I've also check the gauge/lorentz invariance and looks like that this is lorentz invariant
MG5>check p p > mu+ mu- u u $$ z /a
...
Lorentz invariance results:
Process Min element Max element Relative diff. Result
u u > mu+ mu- u u6.2628753519e-13 6.2628753519e-13 1.9347189307e-14 Passed
Summary: 1/1 passed, 0/1 failed
Gauge results (switching between Unitary/Feynman):
Process Unitary Feynman Relative diff. Result
u u > mu+ mu- u u 8.7514835656e-15 8.7514835656e-15 3.6056099486e-16 Passed
Summary: 1/1 passed, 0/1 failed
Process permutation results:
Process Min element Max element Relative diff. Result
u u > mu+ mu- u u 1.8518045901e-15 1.8518045901e-15 1.0649894020e-15 Passed
Summary: 1/1 passed, 0/1 failed

Cheers,

Olivier

Revision history for this message
Will Flanagan (will-flanagan) said :
#4

Hi Olivier,

Ok I see it now. As a I browsed the tutorial, I didn't realize that there was a difference between "$" and "$$". I see that you mention "$$" on page 26. This is exactly what I was looking for.

I didn't see any mention of $$ in arXiv:1106.0522v1, so I wasn't aware of it. In fact, I am wondering if one of your examples in the appendix is a little misleading. In Table 7, you have "p p > b w+ t~ $ t" and it is described as "Exclude any diagrams with an s-channel t propagator". Would a better description perhaps be "Exclude any diagrams with an *on-shell* s-channel t propagator"?

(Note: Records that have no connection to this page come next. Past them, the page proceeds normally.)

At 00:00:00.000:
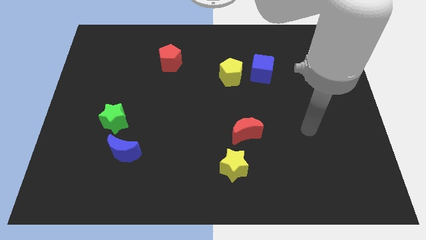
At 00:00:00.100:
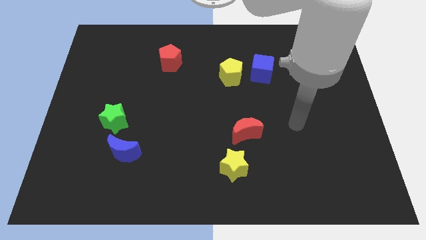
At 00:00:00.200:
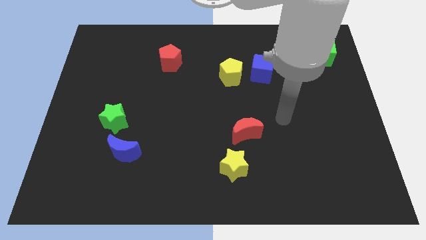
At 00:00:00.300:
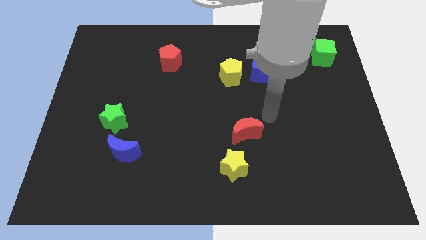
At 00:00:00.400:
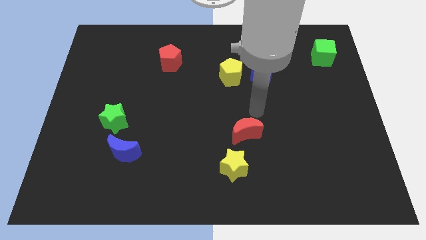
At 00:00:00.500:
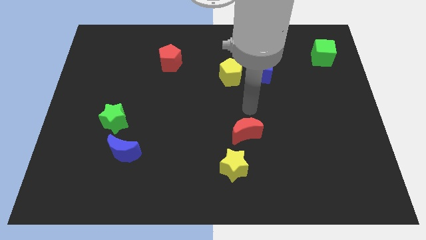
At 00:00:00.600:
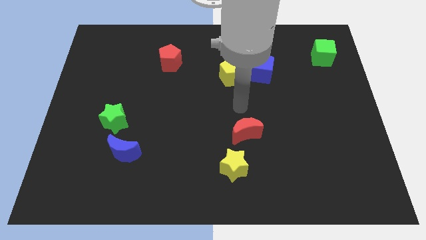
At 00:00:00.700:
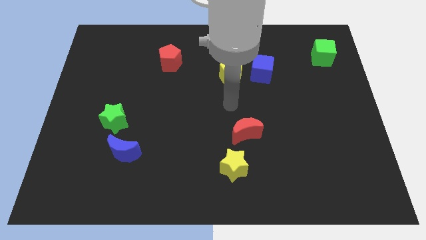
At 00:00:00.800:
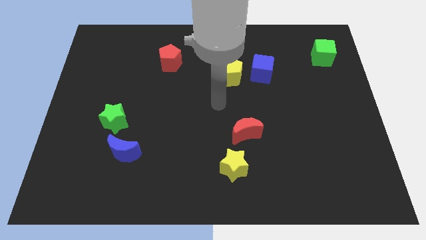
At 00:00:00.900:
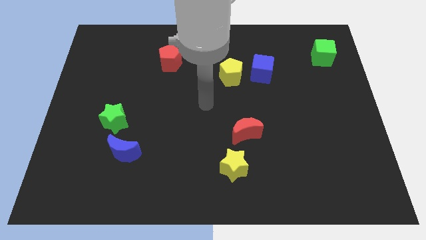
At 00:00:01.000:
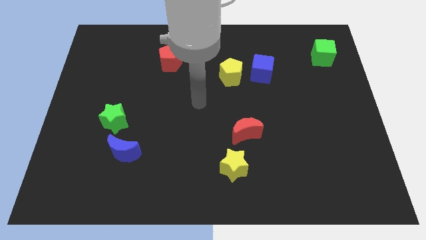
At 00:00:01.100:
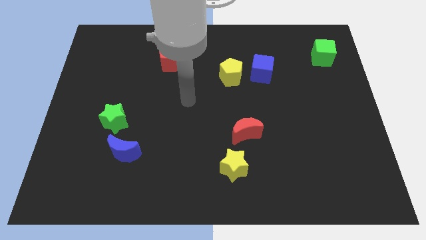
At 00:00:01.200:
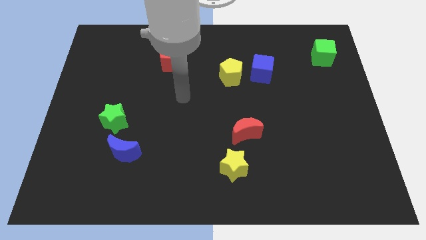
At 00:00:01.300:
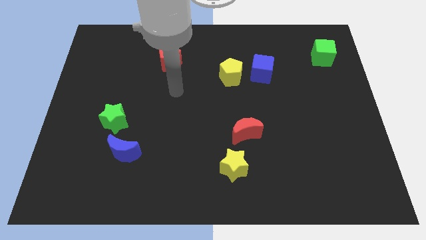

It seems like "p p > b w+ t~ $$ t" is actually excluding *any* diagram with an s-channel t propagator. A "single $" diagram only excludes on-shell, right?

In fact "p p > b w+ t~" and "p p > b w+ t~ $ t" have the exact same diagrams, just different cross sections. So no diagrams are actually being excluded by "$ t".

Sorry, I don't mean to get too invested in semantics; I am just really trying to make sure I understand whats going on. I must emphasize that Madgraph 5 seems like an awesome tool and I am enjoying learning it.

Thanks again,
Will

Revision history for this message
Olivier Mattelaer (olivier-mattelaer) said :
#5

Hi Will,

You are right, the paper is not correct anymore on that point.
The meaning of the $ command change at a point, to this current definition which is more safer/correct.
After some complains, we add the $$ syntax.